Financial markets are signalling their worries that such a shock could come sooner than expected.

On Friday a report showed U.S. business activity stalled in February on worries over the new coronavirus that has triggered travel restrictions and factory shutdowns in China, choking global supply chains as a result.

Stocks fell, yields on U.S. Treasuries sank, and interest-rate futures traders are now in pricing in two U.S. interest rate cuts by year’s end.

Most Fed policy-makers have signalled they are not inclined to reduce rates this year after cutting them three times last year, though they have a weather eye on the impact of the new coronavirus epidemic.
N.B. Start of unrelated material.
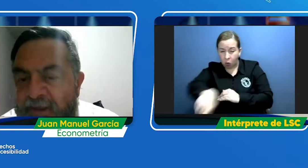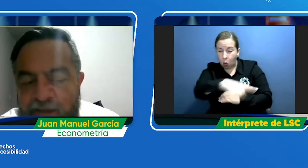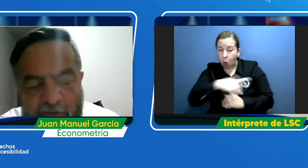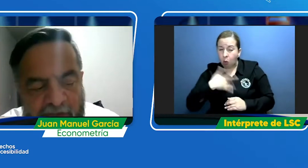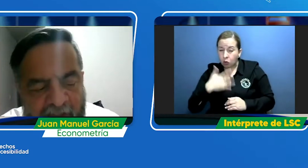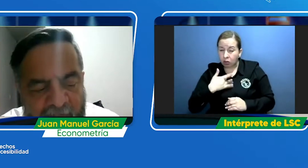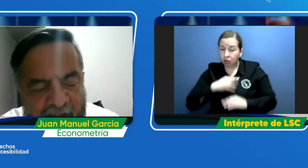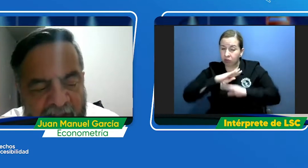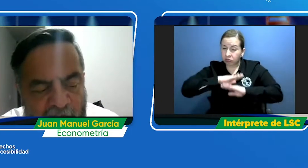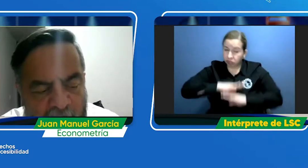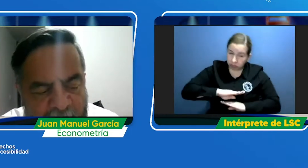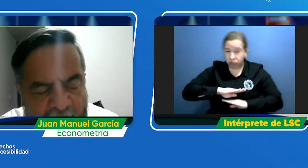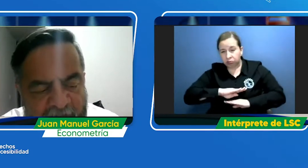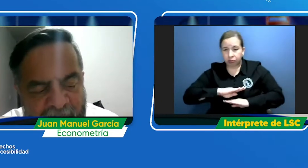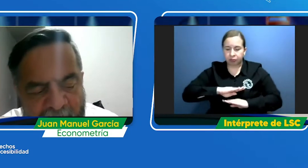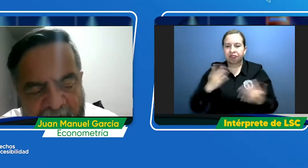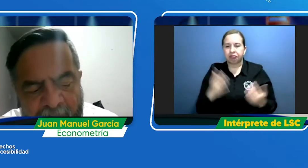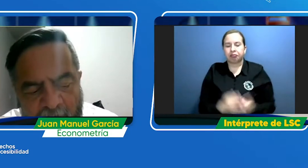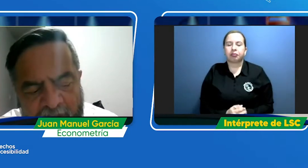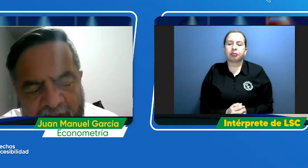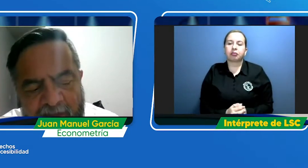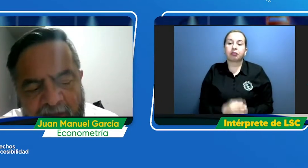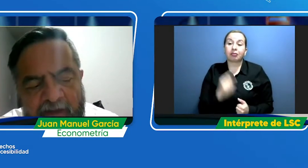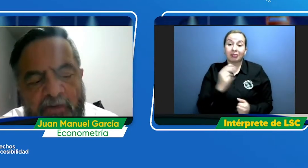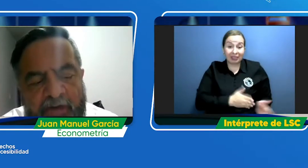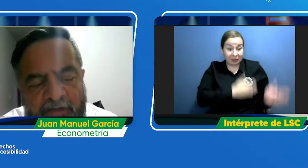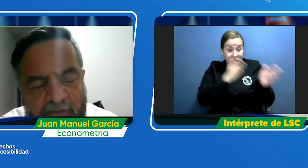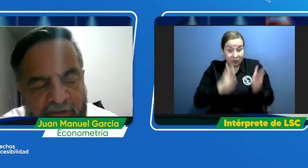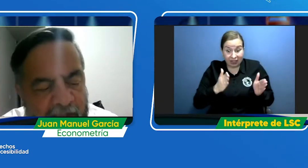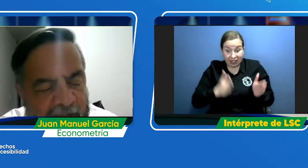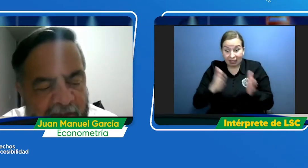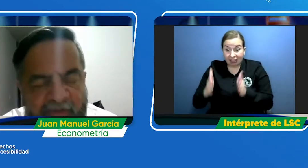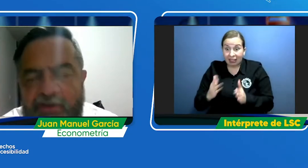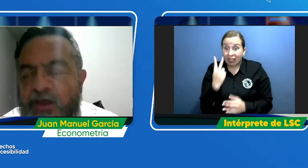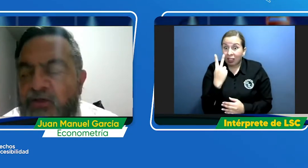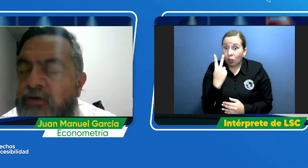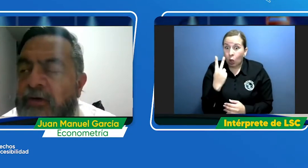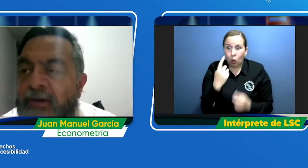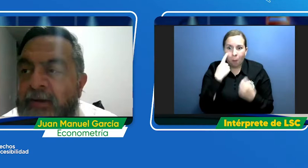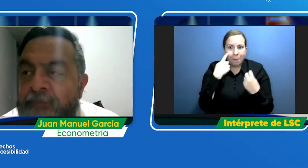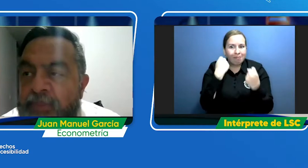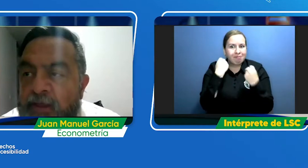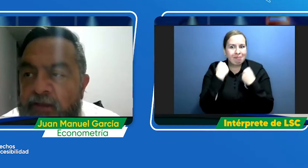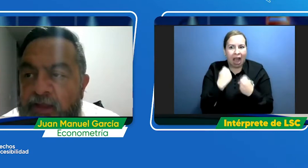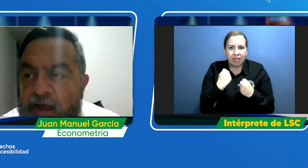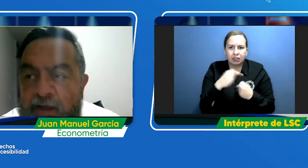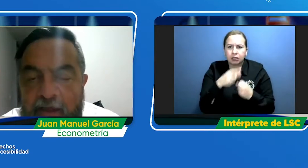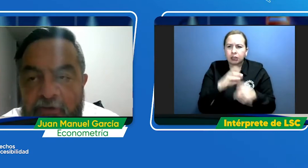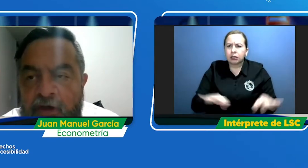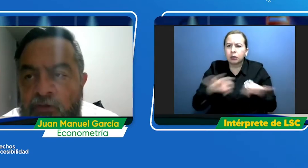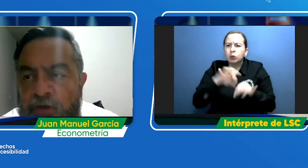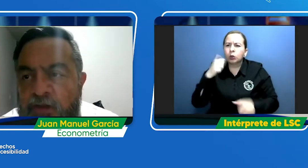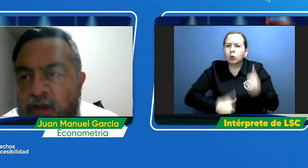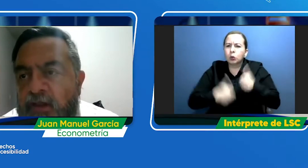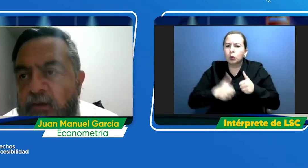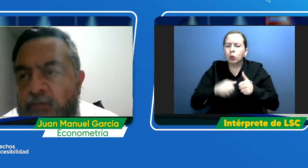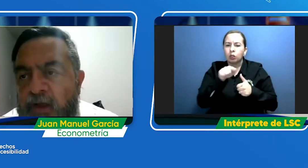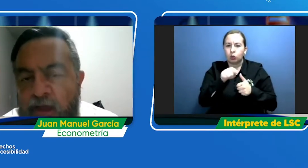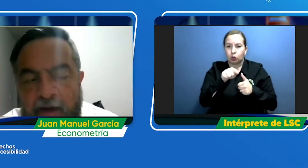Entonces, tal vez las dos fases más importantes del corazón de esta investigación está en una encuesta que se va a aplicar
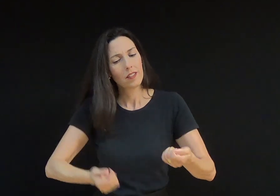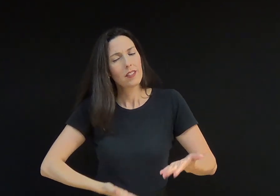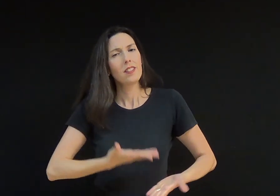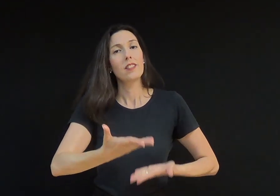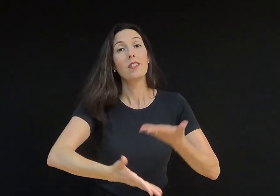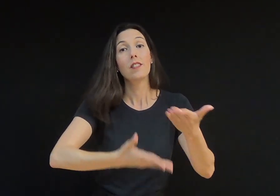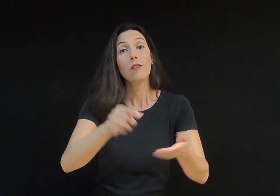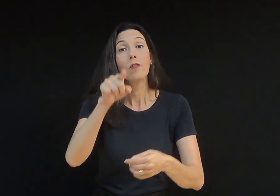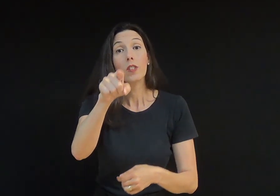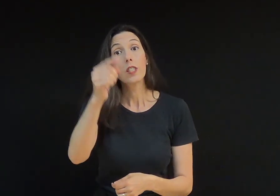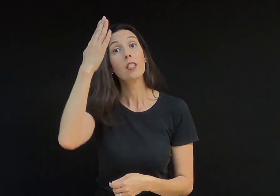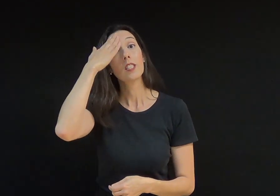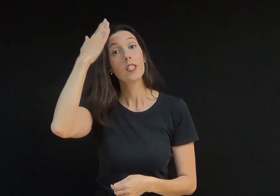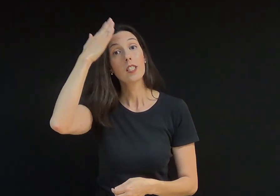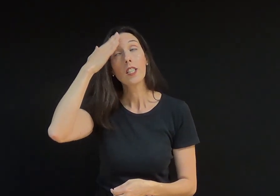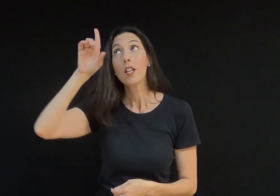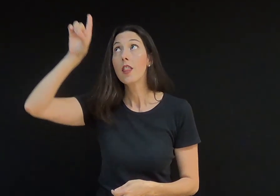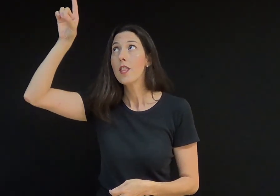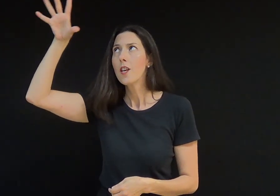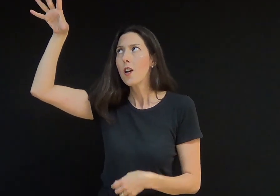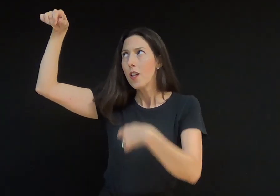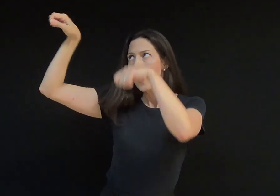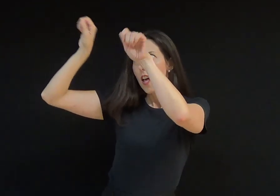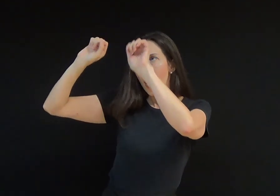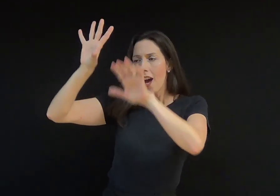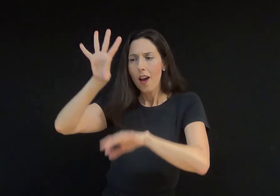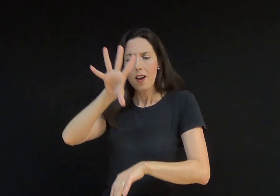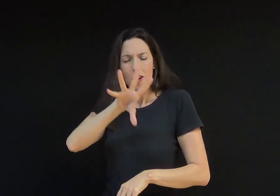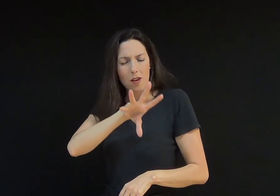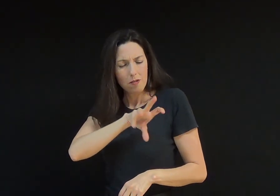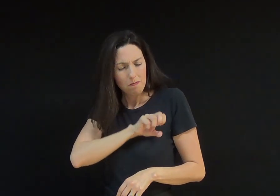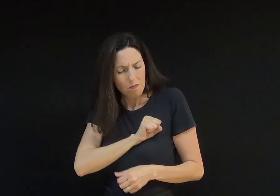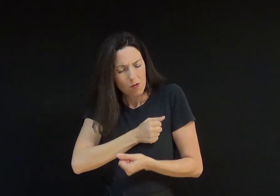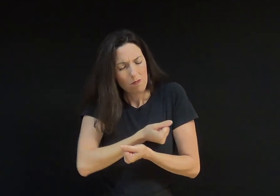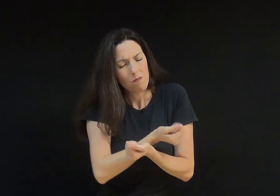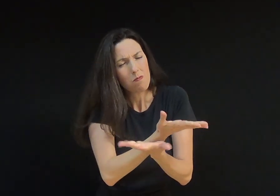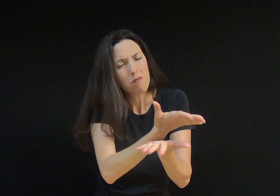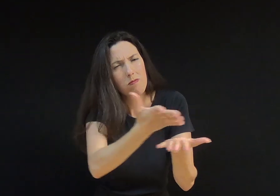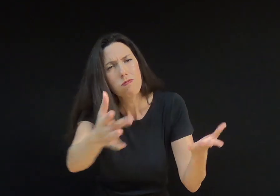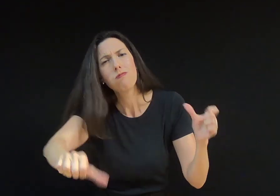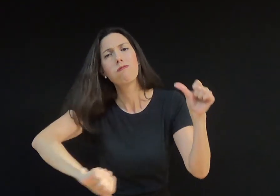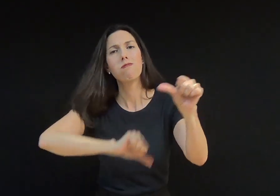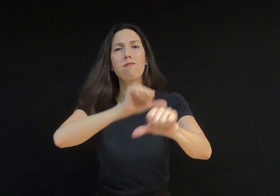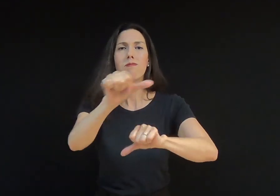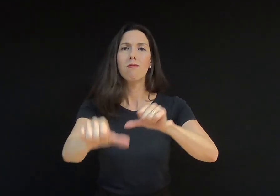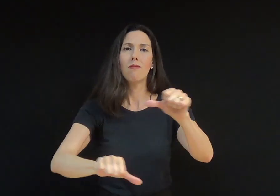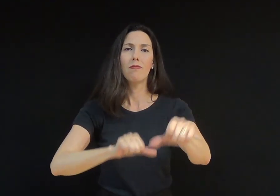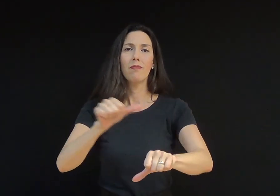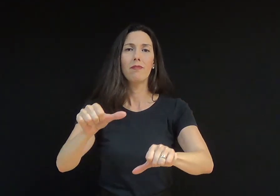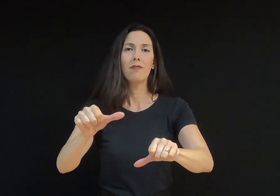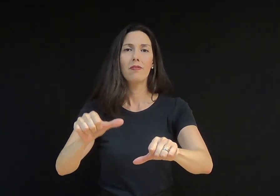-se e entenda que o amor não é seu. É um amor que vem do alto e que verdadeiramente pode transformar o mundo.

To Brainard, communication is a key component of the Fed’s expanded tool box, saying the Fed should clarify in advance that “we will deploy a broader set of tools proactively to provide accommodation when shocks are likely to push the policy rate to its lower bound.

Equally important, she added, “we should adopt a strategy that successfully achieves maximum employment and average inflation outcomes of 2 per cent over time.”

Brainard said she supports a strategy where the Fed would target a range of inflation outcomes that would allow it to achieve 2% on average overall, known as flexible average inflation targeting.

And she also called, as have other Fed officials, for stronger fiscal responses in a downturn, since monetary policy alone will likely not be enough.

Citibank chief economist Catherine Mann, one of the paper’s authors, went further.

“Policy co-ordination across countries may be an important way in which to deal with a global financial stress,” she told the conference. “Monetary policy cannot be the only game in town."